1. There is a pretty easy way to rectify stolen land. Give it back to the owners or heirs.  There is a point where remoteness from the act of aggression, uncertain inheritance of the original claim, and unwillingness to injure parties who have mixed labor and resources with the land for improvements and maintenance may redeem a claim, however redemption is not automatic. See the recent case in which Bayer was held liable for atrocities they supported in WWII.  The office of the Duke is a lot like a corporation, in a very real sense it is the duchy that was sold in 1443 and granted to the current line in 1813. Corporate transfers retain debt for past actions of that corporation, at least to the value of the corporation at the time.  The is not much remoteness to the act of aggression. While the line of prior inheritance is almost completely opaque, the parties who have fee simple titles are the parties who have maintained and improved most of the lands for the past 200 years or so could keep the same or better title. At most what is due the duchy in a voiding of title would be the price paid in 1443, divided over the appraised value of all freed properties.

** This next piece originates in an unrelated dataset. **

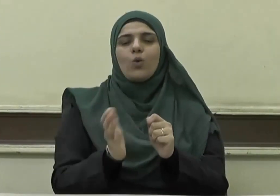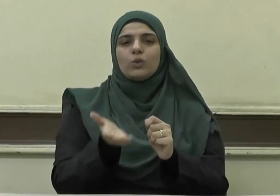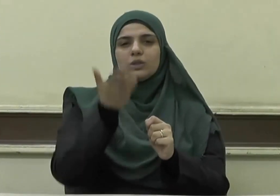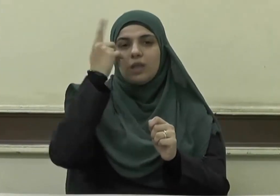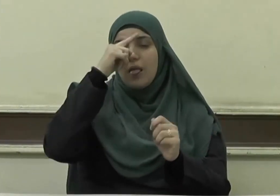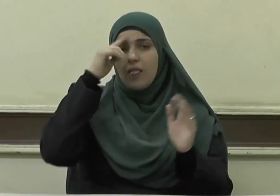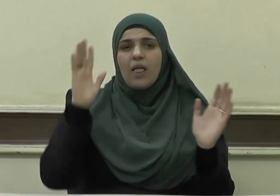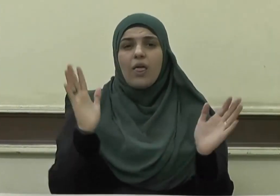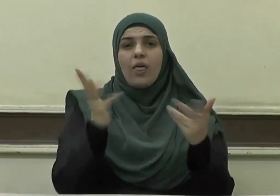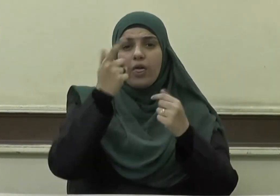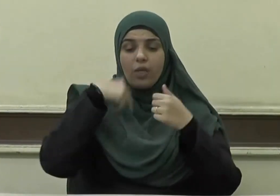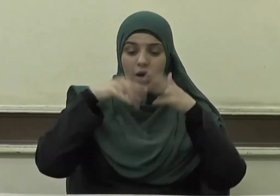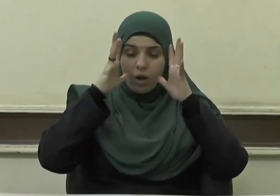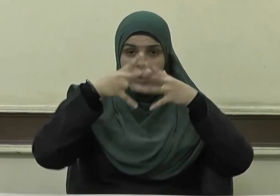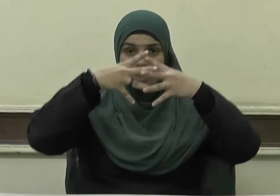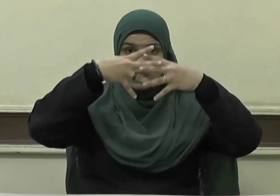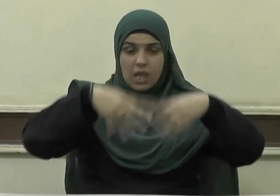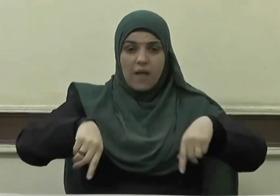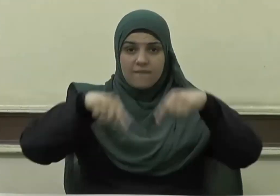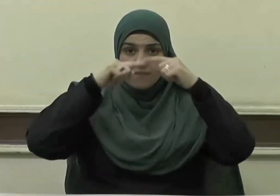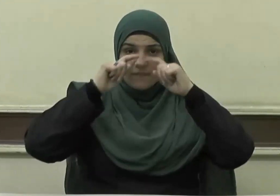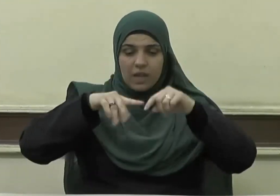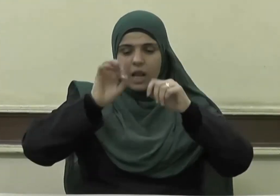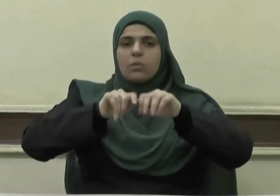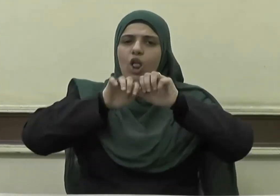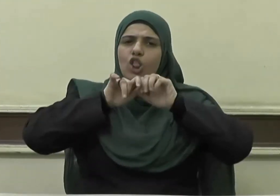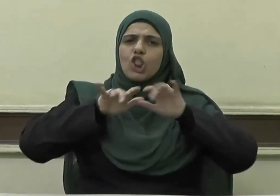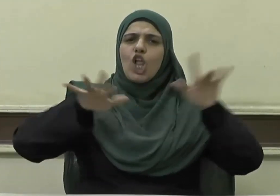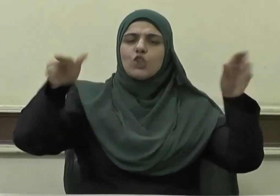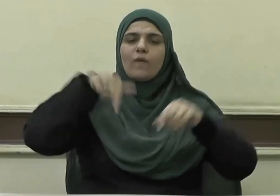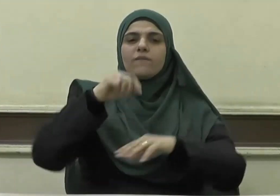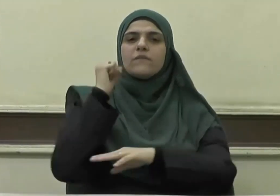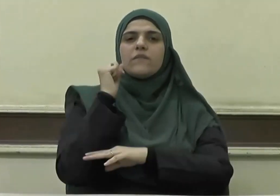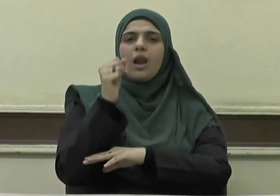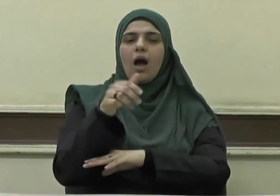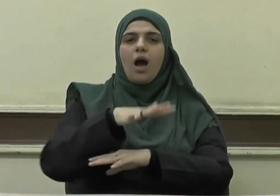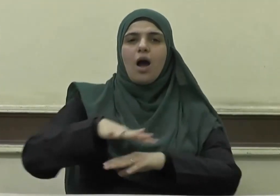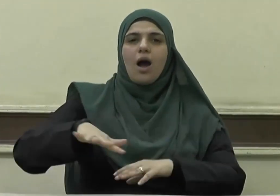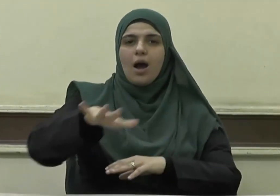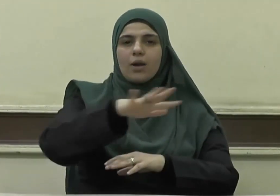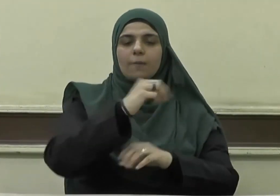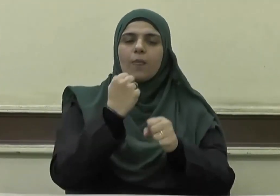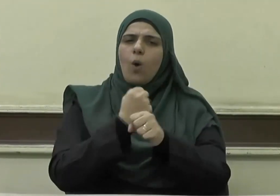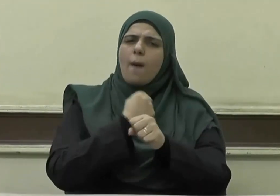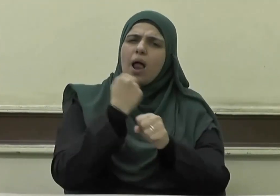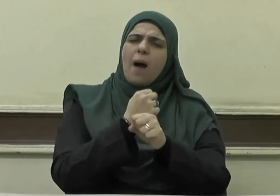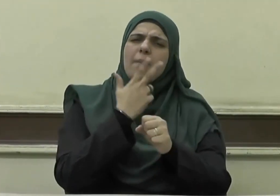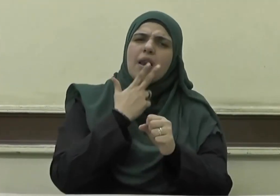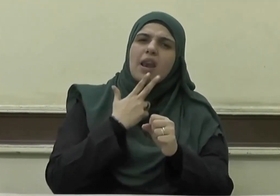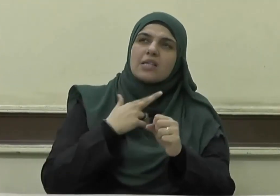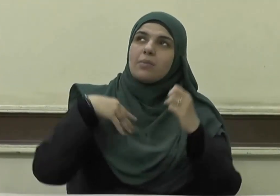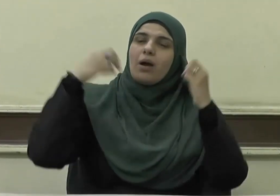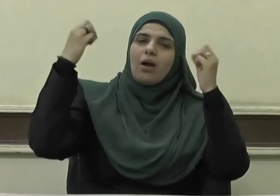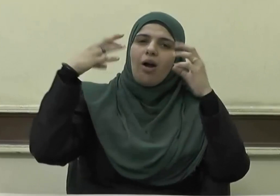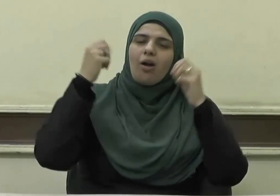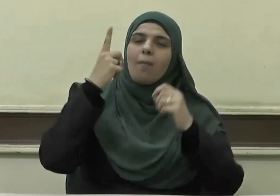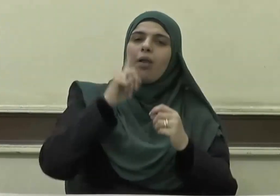قضيت الصلاة فانتشروا في الأرض وبتغوا من فضل الله واذكروا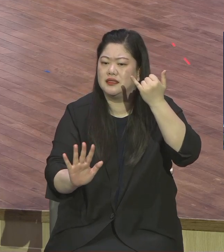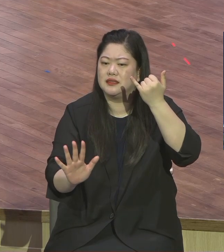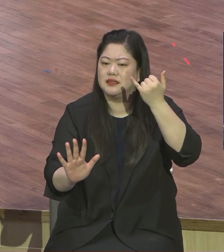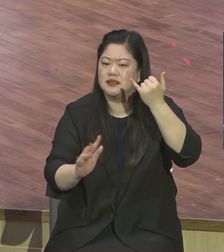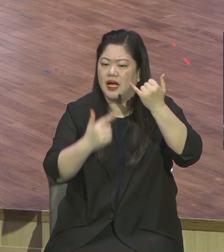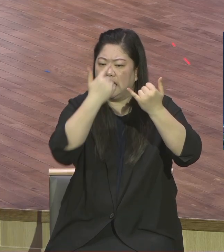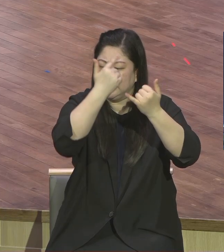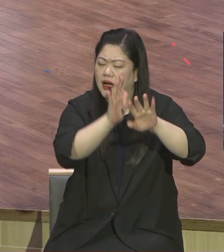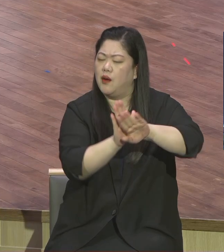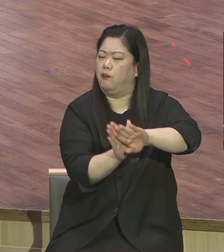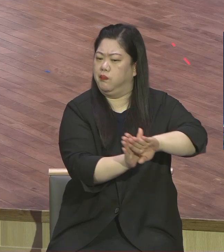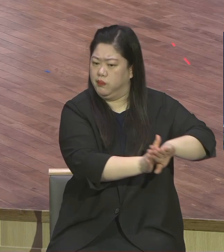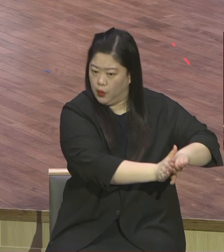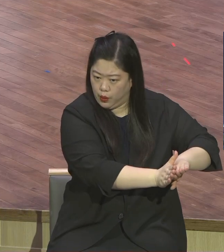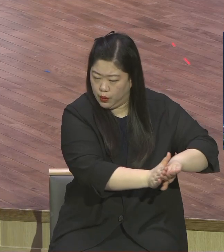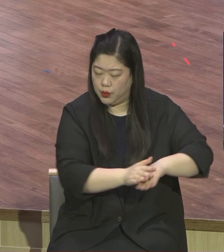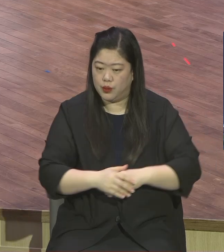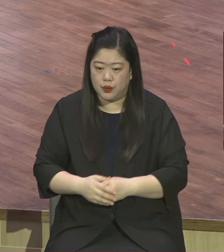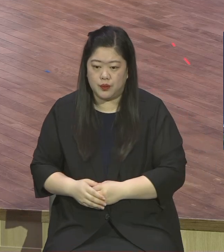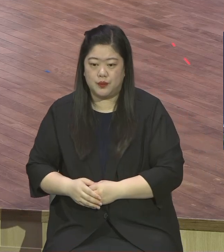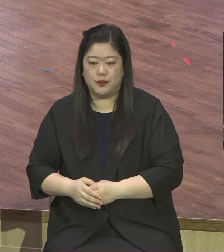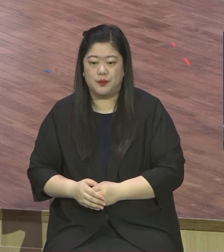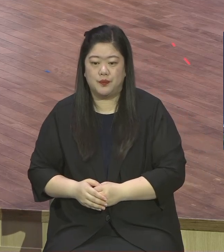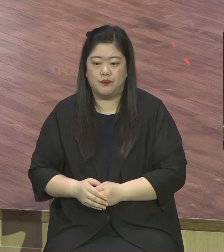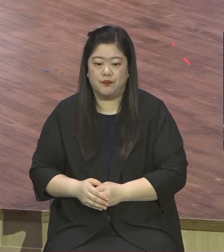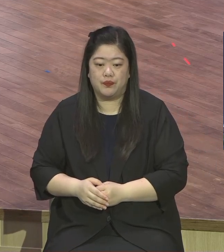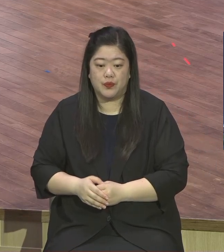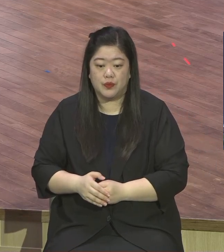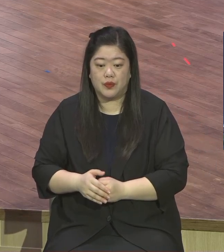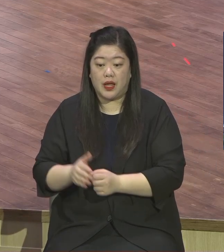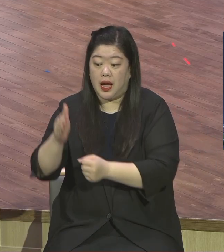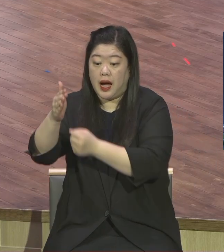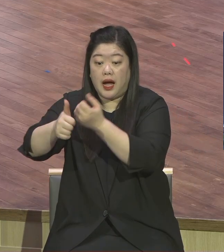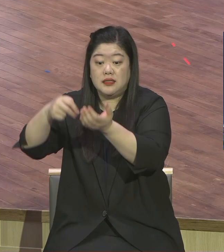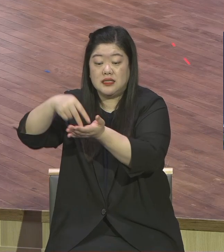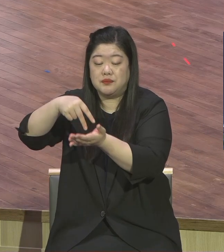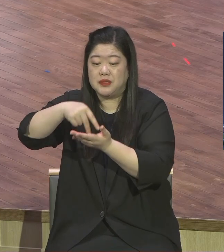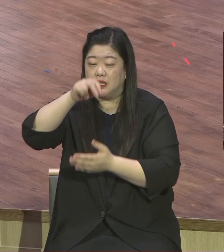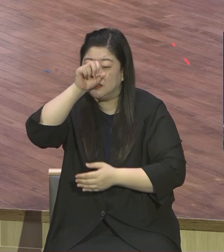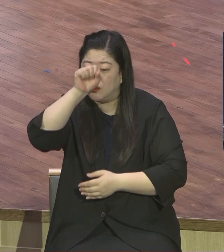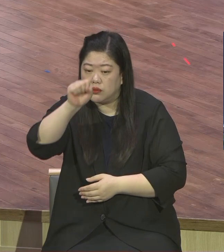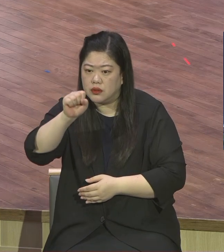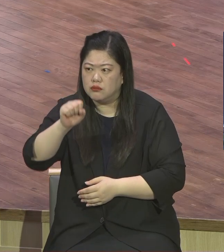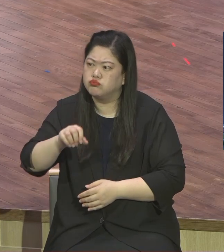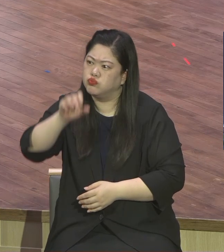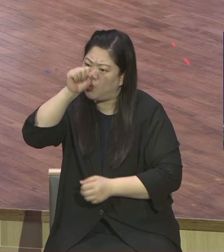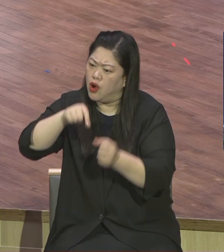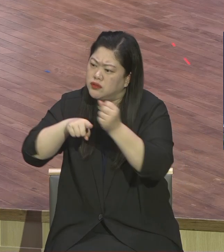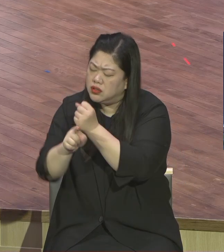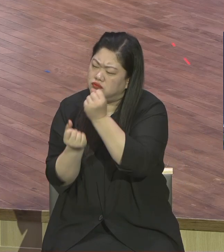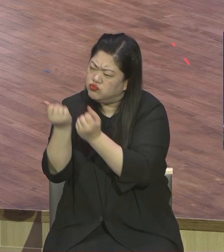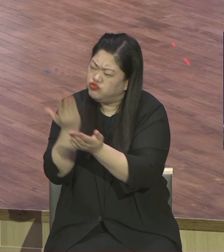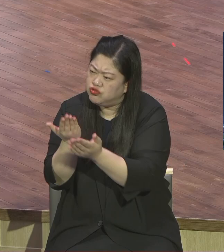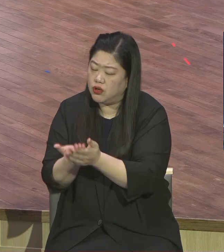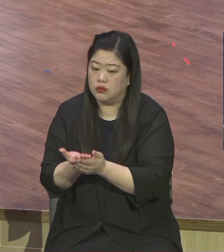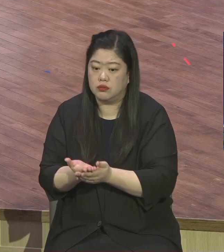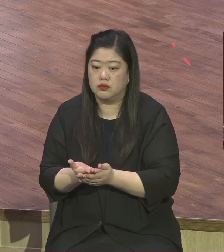아니라고요 그거 따지면 성경 보세요 성경에 여자들 나오는데

2. In contract theory that which you would call consideration. What specific actions must the duke carry out, that if he fails must make restitution from his personal funds, resign from office, or otherwise suffer penalties? The very fact they you call him sovereign is a very strong indicator that he has no real legal duties in a factual sense, as a sovereign is functionally defined as one is answerable to none save themselves.

3. Show to me in the text and backed by fact all of the following: a) offer, b) acceptence, c) meeting of the minds, and d)consideration. within the luxemburg constitution between the duke and all current alleged citizens. https://www.constituteproject.org/constitution/Luxembourg_2009.pdf?lang=en

Additionally the claimed right of legislation within the nation means that the terms are always shifting. Consent is not possible when it is not clear what exactly is being consented to.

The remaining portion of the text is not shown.